The music carried us. We could be cranky, depressed, over thinking a situation and we’d get together and sing and all of the BS would be gone. We weren’t the greatest band there ever was, but we made magic together. There were times we’d be playing and Zech would throw in a harmony that would make give you goose flesh. There was a spot in the set where he’d play two chords on the guitar back and forth, usually Am7 to Gm7 and he’d improvise lyrics while Dave, Dan and I backed him up throwing in lead licks or vocal fills. That was often the highlight of our show.

The Nuke Spooks were from the CSN school of music, acoustic guitars and harmony singing. Only we rarely worked out our vocal parts. And besides the sensitive singer-songwriter stuff, we played some songs that the Fugs might have found appealing. But it made people laugh and sing along. We never took it that seriously.

The show was arranged where we’d play a dinner set of softer songs, then at 10:00 PM, we’d take all the tables out and stack ‘em outside by the front of the door and play rowdy dance music. Our bass player, Dan also played Sousaphone for the HSU marching band. To begin the dance set we’d go out the side door of the restaurant and walk down the alley playing “When the Saints Go Marching In” entering through the front door and up on the little platform that was our stage.

Another part of our show was the Hoky Poky where we’d sing, “You put your crotch in, you put your crotch out, you put your crotch in and you shake it all about…” And we also played musical chairs where the winner got a pitcher of beer. After a little while we realized that we could rig the results. We tried to be fair, but there were those nights when you thought to yourself, “which one of those girls would I like to see drunk?” and we’d stop the music appropriately.

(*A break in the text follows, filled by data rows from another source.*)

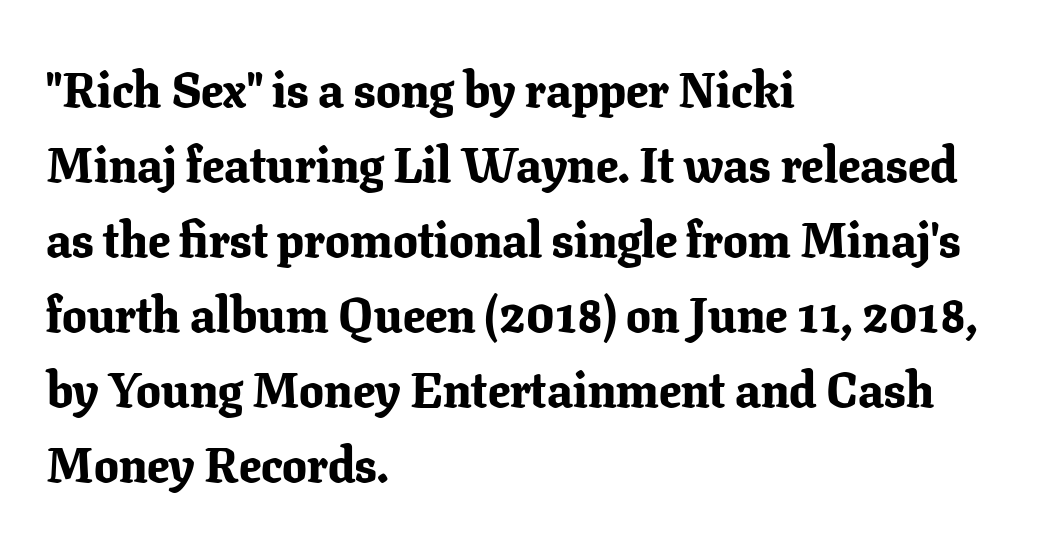
The image shows 49 px bold serif type, upright; set left-aligned, normal line spacing (1.53x), normal letter spacing, not underlined; low stroke contrast and a medium x-height.
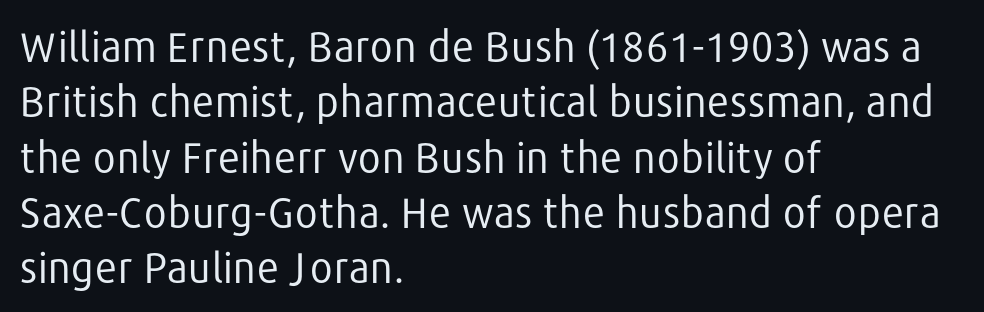
{"serif": "no", "italic": "no", "bold": "no", "weight": "regular", "width": "normal", "stroke_contrast": "low", "x_height": "medium", "monospaced": "no", "underline": "no", "align": "left", "line_spacing": "normal", "line_spacing_ratio": 1.35, "letter_spacing": "normal", "letter_spacing_em": 0.0, "glyph_px": 41}
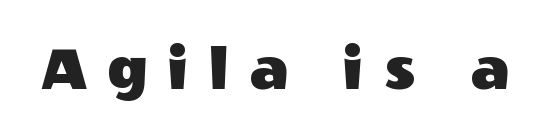
{"serif": "no", "italic": "no", "width": "normal", "x_height": "large", "monospaced": "no", "underline": "no", "letter_spacing": "wide", "letter_spacing_em": 0.32, "glyph_px": 65}
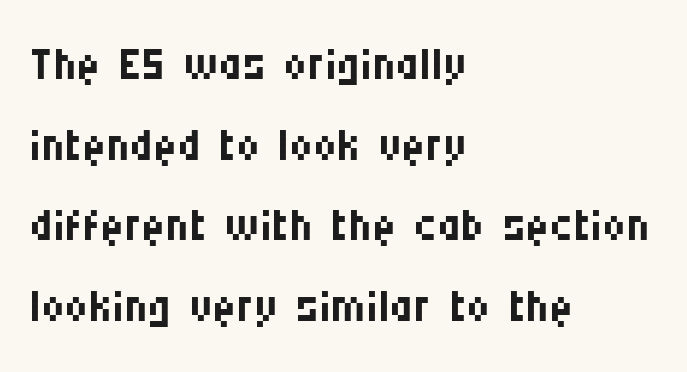
Q: Is the text bold? A: No.
Q: Is the text italic (slanted)? A: No, it is upright.
Q: Is the typeface a serif or a sans-serif typeface? A: Sans-serif.
Q: Is the text underlined? A: No.
Q: How is the paragraph aligned? A: Left-aligned.
Q: Is the spacing between letters normal or unusually wide? A: Normal.
Q: Width (condensed, normal, or wide)? A: Condensed.
Q: Stroke contrast? A: Medium.
Q: x-height? A: Large.
Q: Monospaced? A: No.
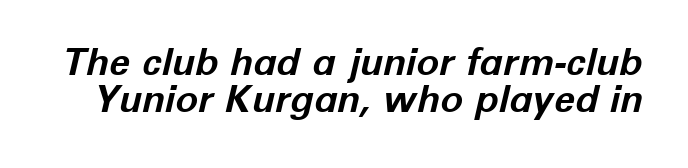
Beneath every word, the page is bare. Successive baselines arrive quickly, one right under another. In terms of weight, the rendering is a true, heavy bold. The face used here is proportionally spaced, like ordinary book or web type.
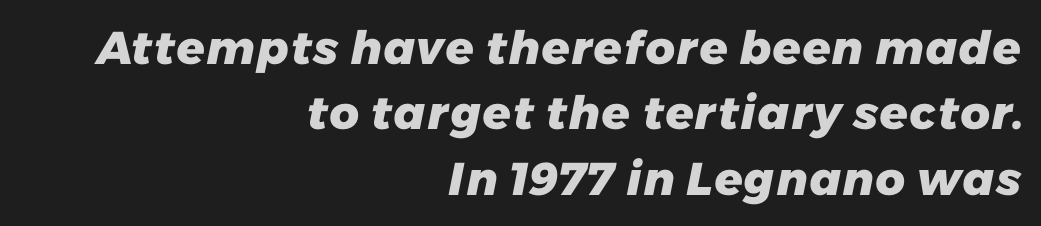
{"serif": "no", "bold": "yes", "weight": "heavy", "width": "normal", "stroke_contrast": "low", "x_height": "medium", "monospaced": "no", "underline": "no", "align": "right", "line_spacing": "normal", "line_spacing_ratio": 1.42, "letter_spacing": "normal", "letter_spacing_em": 0.0, "glyph_px": 46}
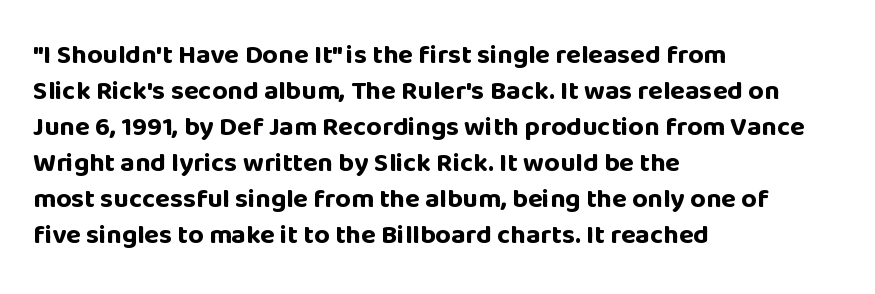
{"italic": "no", "bold": "yes", "underline": "no", "align": "left", "line_spacing": "normal", "line_spacing_ratio": 1.33, "letter_spacing": "normal", "letter_spacing_em": 0.0, "glyph_px": 27}
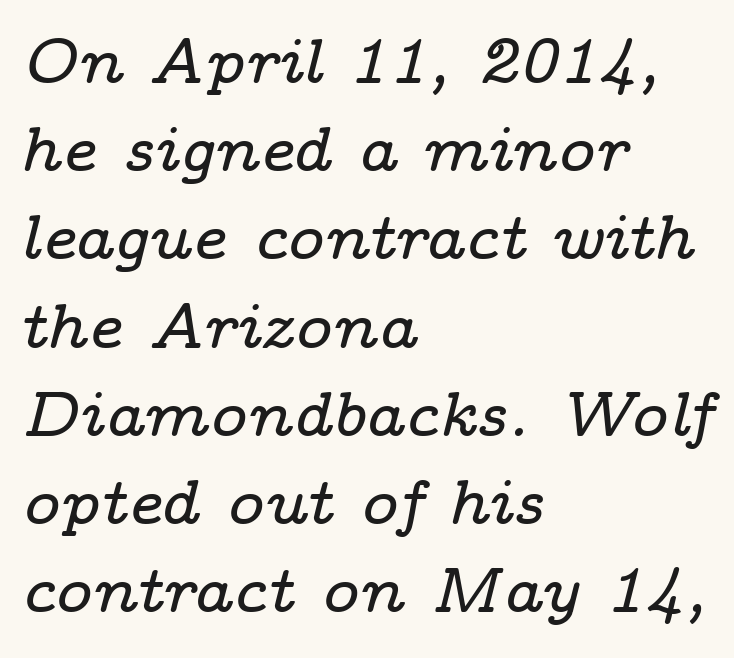
Q: Is the text italic (slanted)? A: Yes, it leans right by about 14 degrees.
Q: Is the typeface a serif or a sans-serif typeface? A: Serif.
Q: Is the text underlined? A: No.
Q: How is the paragraph aligned? A: Left-aligned.
Q: Is the spacing between letters normal or unusually wide? A: Normal.
Q: Is the spacing between lines tight, normal or loose? A: Normal.
Q: Width (condensed, normal, or wide)? A: Wide.
Q: Stroke contrast? A: Low.
Q: x-height? A: Medium.
Q: Monospaced? A: No.
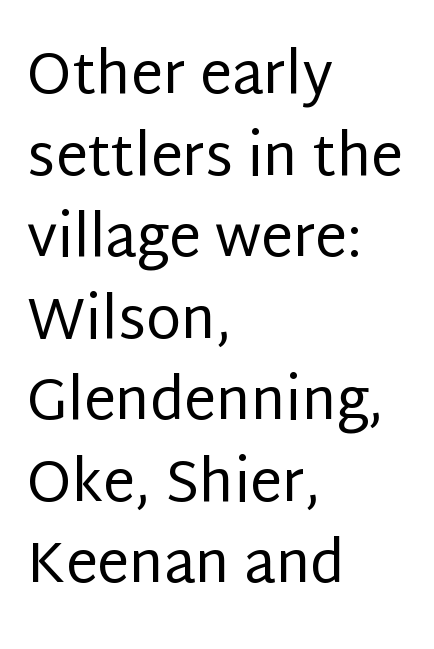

Zech was the first to leave Humboldt County. I don’t remember the circumstance, but I think he got his heart broke and shipping out was his way of dealing with things. Dave and Dan and I played a few gigs afterwards, but it wasn’t The Nuke Spooks anymore. Dave bought a mandolin and moved to Arizona where he started playing old time string band music, which led him to Celtic music. He’s since become one of the best Celtic Mandolin players on the planet.

Since then our paths crossed. I ended up in Tucson on and off and Zech was living there some of that time. After living in Minneapolis, Dave relocated there too bringing his soon to be bride, Jean, with him. Though we played together from time to time, we never had a band again. Zech had little self-confidence in his abilities as a musician, I wanted to play rock ‘n’ roll and Dave was playing the contra dances.

After a difficult break up, it was my turn to runaway and join the circus. I hooked up with the Elkins, WV band “Trapezoid” and worked for a couple of years as their touring sound-dude, merch peddler and assistant office manager. One tour brought us to Arizona. We were playing up in Tempe and I made sure that Dave and Zech were on the guest list. Only it was real hard to get Zech to go out. So Dave called him up and said, “Let’s go out for a burger.” That was something Zech could relate to. So Dave picked him up and they got to talking and driving and around Casa Grande, Zech turned to Dave and said, “Just where is this burger place were going to?”

It’s interesting to note that Dave used this same ploy to get Zech out of the house (and town) at least two other times!

Zech was Polish. He made Dave and I honorary Polish Brothers. He was proud of that part of his family heritage, even though he rejected a lot of other aspects of it. His parents had a strong influence on him, not always positive. I don’t know the details so I’ll refrain from saying more. One story I do know was that Zech was pressured to play golf as a teenager. By all accounts, he was great at it. Only he hated golf. So he never developed his talent.

One game he was good at and liked was billiards. Besides a little herb dealing he made his way through the University of Arizona as a pool hustler. During our time in Eureka, Zech entered a pool contest in Arcata. We used to have the chart of the matches and the outcomes on our wall. Starting at the bottom of the list he ended up winning it all. During his last match, he cleared the table. His opponent left the bar whining, “He didn’t even give me a chance to shoot.”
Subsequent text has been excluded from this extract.